_BRIEF_. Pull every line from the records that has the word "xmlns" in it.

_DATASET RECORDS_.
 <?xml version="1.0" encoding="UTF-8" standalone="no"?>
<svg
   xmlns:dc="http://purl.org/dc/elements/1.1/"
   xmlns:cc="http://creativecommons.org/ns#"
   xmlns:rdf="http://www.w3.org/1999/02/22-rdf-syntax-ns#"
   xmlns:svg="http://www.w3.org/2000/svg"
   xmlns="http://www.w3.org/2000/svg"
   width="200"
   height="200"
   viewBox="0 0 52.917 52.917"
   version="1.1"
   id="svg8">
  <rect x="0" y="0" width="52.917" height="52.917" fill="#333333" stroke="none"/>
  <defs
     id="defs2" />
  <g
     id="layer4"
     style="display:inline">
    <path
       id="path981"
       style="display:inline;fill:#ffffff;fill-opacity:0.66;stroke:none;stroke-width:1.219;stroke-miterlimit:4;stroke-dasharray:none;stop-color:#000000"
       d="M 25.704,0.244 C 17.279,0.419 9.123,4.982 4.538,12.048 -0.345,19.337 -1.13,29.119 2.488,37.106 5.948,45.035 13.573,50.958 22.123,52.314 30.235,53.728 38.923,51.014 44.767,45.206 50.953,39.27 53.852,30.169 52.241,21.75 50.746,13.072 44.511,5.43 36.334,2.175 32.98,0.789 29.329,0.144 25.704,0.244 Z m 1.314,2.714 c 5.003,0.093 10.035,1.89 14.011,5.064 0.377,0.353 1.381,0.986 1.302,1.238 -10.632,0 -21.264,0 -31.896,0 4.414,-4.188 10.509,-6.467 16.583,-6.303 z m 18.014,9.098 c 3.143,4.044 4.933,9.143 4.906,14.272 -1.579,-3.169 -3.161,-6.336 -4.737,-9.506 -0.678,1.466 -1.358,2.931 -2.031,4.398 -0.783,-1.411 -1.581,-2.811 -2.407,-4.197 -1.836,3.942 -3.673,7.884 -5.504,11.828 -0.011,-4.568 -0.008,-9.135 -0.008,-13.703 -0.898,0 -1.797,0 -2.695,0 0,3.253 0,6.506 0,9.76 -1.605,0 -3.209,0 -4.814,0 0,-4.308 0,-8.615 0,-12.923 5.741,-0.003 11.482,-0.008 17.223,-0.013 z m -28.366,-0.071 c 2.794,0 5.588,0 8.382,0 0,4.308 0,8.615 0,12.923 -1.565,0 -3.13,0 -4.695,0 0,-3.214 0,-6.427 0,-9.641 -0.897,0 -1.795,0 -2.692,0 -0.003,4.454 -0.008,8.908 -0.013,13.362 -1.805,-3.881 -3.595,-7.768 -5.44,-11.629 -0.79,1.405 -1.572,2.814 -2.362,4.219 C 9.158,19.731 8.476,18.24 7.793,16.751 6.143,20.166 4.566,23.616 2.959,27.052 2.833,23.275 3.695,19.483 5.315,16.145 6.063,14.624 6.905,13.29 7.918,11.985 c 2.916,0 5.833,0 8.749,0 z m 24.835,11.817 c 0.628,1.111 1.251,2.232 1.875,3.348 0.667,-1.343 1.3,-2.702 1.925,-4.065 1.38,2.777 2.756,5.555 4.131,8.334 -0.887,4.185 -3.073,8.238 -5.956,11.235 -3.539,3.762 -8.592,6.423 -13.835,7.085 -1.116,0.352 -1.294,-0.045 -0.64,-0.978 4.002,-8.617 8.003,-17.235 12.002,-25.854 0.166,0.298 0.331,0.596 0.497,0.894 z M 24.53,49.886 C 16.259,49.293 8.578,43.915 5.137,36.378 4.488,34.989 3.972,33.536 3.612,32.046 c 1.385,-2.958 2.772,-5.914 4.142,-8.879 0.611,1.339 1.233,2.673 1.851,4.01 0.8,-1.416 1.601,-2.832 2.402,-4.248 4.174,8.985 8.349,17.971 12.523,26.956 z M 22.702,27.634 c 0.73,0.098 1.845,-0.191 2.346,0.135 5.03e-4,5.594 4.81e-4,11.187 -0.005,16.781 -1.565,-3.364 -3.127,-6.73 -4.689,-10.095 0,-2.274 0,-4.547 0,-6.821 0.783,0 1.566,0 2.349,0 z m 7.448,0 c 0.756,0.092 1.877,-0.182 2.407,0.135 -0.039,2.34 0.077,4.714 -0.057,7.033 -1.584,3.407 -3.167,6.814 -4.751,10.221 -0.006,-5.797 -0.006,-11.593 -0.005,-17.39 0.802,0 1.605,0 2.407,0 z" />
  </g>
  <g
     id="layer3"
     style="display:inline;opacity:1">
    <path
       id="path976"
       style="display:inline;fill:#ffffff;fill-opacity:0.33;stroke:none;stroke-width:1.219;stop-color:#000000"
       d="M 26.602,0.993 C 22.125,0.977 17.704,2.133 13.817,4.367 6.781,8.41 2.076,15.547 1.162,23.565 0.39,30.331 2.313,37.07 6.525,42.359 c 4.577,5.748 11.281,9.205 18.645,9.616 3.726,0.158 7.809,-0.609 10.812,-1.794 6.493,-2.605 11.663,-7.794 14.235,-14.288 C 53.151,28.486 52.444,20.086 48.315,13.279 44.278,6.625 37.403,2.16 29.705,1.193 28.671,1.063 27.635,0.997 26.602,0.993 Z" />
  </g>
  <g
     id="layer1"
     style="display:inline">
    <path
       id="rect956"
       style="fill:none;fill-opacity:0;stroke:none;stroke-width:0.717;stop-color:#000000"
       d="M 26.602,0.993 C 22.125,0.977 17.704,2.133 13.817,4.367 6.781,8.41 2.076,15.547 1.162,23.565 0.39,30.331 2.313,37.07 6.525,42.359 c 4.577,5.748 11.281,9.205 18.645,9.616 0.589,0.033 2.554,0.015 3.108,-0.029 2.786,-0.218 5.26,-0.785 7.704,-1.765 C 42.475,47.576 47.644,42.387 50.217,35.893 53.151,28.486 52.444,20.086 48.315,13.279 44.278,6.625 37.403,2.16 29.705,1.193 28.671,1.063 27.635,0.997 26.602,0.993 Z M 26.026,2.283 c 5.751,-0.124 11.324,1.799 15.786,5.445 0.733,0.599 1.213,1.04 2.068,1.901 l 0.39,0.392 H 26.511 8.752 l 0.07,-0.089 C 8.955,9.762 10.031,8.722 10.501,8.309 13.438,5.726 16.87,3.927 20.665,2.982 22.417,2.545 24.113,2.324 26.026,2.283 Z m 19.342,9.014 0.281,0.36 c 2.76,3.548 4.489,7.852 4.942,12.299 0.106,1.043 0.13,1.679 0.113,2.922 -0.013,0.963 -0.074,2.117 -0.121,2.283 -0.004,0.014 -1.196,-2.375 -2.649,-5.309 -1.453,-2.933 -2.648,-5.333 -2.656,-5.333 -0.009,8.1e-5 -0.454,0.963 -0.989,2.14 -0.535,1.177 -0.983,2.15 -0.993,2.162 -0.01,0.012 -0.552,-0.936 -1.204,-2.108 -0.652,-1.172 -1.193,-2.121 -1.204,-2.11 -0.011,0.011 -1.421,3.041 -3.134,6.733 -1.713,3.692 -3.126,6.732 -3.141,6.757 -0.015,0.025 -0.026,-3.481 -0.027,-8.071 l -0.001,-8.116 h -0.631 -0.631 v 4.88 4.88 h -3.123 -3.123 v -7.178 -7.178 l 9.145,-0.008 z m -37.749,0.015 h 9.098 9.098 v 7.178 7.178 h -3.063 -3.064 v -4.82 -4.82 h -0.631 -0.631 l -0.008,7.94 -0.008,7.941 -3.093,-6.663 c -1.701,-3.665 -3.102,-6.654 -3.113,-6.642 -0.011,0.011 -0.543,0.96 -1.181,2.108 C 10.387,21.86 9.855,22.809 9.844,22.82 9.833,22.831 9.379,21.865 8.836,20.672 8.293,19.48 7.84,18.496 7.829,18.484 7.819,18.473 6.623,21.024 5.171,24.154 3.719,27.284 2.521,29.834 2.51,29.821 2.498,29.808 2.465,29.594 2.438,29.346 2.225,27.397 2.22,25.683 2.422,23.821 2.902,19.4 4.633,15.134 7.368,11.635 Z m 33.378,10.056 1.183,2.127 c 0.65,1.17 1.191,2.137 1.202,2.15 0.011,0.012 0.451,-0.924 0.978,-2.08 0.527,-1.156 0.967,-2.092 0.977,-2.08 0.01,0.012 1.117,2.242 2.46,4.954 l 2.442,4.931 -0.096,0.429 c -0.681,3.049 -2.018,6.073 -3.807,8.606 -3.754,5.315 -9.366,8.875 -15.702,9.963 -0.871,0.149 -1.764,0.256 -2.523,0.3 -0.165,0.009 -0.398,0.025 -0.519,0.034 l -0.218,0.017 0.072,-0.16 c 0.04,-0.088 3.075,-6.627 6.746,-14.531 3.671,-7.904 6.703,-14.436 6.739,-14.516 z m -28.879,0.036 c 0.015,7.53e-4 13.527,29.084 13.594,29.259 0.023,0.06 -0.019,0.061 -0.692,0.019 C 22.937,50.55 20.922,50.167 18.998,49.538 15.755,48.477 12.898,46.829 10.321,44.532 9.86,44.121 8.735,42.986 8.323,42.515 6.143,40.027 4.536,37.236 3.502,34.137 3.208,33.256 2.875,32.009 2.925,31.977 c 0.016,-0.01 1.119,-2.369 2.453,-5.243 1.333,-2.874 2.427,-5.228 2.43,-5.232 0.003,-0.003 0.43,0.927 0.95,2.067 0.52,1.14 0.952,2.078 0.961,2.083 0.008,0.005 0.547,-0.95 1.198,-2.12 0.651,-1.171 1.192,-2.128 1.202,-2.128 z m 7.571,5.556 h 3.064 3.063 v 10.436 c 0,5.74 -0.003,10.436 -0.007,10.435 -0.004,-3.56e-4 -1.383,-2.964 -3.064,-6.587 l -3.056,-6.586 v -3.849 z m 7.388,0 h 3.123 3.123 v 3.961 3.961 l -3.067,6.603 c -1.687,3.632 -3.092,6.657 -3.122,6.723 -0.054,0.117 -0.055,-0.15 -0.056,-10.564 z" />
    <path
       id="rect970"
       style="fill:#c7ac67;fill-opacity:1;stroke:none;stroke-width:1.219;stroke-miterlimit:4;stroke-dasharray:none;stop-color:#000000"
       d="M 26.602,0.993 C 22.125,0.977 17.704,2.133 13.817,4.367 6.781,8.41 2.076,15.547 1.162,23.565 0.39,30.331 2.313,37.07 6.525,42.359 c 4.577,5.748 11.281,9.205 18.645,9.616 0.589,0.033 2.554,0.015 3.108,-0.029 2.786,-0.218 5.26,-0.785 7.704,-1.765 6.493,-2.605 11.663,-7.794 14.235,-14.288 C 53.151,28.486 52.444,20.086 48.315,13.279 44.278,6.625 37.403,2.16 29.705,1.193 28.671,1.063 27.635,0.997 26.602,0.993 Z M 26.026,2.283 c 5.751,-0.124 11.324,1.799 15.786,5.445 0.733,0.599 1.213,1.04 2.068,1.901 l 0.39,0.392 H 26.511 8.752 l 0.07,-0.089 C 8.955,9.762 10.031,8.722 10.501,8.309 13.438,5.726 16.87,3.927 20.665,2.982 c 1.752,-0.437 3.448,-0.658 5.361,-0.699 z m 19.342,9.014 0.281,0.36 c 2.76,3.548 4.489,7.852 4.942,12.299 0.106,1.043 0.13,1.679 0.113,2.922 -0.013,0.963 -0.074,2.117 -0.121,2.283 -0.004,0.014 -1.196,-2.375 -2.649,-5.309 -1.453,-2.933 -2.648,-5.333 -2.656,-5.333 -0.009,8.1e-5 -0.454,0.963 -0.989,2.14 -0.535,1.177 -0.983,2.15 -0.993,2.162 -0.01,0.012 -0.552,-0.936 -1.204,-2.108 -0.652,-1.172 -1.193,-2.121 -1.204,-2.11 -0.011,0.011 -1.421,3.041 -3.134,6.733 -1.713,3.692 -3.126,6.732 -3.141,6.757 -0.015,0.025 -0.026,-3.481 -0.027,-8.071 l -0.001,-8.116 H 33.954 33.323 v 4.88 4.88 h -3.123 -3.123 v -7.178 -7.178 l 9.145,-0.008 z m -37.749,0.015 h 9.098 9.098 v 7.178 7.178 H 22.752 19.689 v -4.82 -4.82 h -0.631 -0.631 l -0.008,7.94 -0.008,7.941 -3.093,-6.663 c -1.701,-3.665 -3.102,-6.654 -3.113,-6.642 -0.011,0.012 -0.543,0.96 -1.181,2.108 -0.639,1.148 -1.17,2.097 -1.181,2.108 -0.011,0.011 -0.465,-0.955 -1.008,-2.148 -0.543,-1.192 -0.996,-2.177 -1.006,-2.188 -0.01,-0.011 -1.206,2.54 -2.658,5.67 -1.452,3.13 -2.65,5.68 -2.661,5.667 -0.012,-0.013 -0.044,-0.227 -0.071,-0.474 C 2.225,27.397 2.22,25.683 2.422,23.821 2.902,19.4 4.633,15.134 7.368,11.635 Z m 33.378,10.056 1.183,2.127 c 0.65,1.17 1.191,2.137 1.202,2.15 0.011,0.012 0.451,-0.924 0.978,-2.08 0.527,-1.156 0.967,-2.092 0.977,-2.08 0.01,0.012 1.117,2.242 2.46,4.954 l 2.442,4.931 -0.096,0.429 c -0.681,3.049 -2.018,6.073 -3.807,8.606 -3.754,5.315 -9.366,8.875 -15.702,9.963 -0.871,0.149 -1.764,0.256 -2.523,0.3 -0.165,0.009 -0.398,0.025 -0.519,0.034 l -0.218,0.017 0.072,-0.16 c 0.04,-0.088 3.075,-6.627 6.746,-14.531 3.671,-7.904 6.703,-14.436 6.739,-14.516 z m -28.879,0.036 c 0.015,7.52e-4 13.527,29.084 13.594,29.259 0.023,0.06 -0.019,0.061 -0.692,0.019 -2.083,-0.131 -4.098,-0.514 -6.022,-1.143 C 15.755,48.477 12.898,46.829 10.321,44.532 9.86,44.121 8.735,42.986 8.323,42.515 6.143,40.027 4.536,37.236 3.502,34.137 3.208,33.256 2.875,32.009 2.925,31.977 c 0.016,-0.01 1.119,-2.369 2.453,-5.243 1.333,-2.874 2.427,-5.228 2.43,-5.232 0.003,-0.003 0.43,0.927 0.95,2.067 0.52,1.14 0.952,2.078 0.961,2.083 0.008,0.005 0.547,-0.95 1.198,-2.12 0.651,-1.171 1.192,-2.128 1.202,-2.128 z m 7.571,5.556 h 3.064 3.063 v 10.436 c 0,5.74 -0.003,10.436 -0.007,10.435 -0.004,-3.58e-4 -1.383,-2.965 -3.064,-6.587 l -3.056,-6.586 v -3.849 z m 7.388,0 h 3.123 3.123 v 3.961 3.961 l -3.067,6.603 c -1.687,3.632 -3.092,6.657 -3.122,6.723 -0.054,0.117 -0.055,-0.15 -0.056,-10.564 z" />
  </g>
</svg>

_PROBLEM SOLUTION_.
   xmlns:dc="http://purl.org/dc/elements/1.1/"
   xmlns:cc="http://creativecommons.org/ns#"
   xmlns:rdf="http://www.w3.org/1999/02/22-rdf-syntax-ns#"
   xmlns:svg="http://www.w3.org/2000/svg"
   xmlns="http://www.w3.org/2000/svg"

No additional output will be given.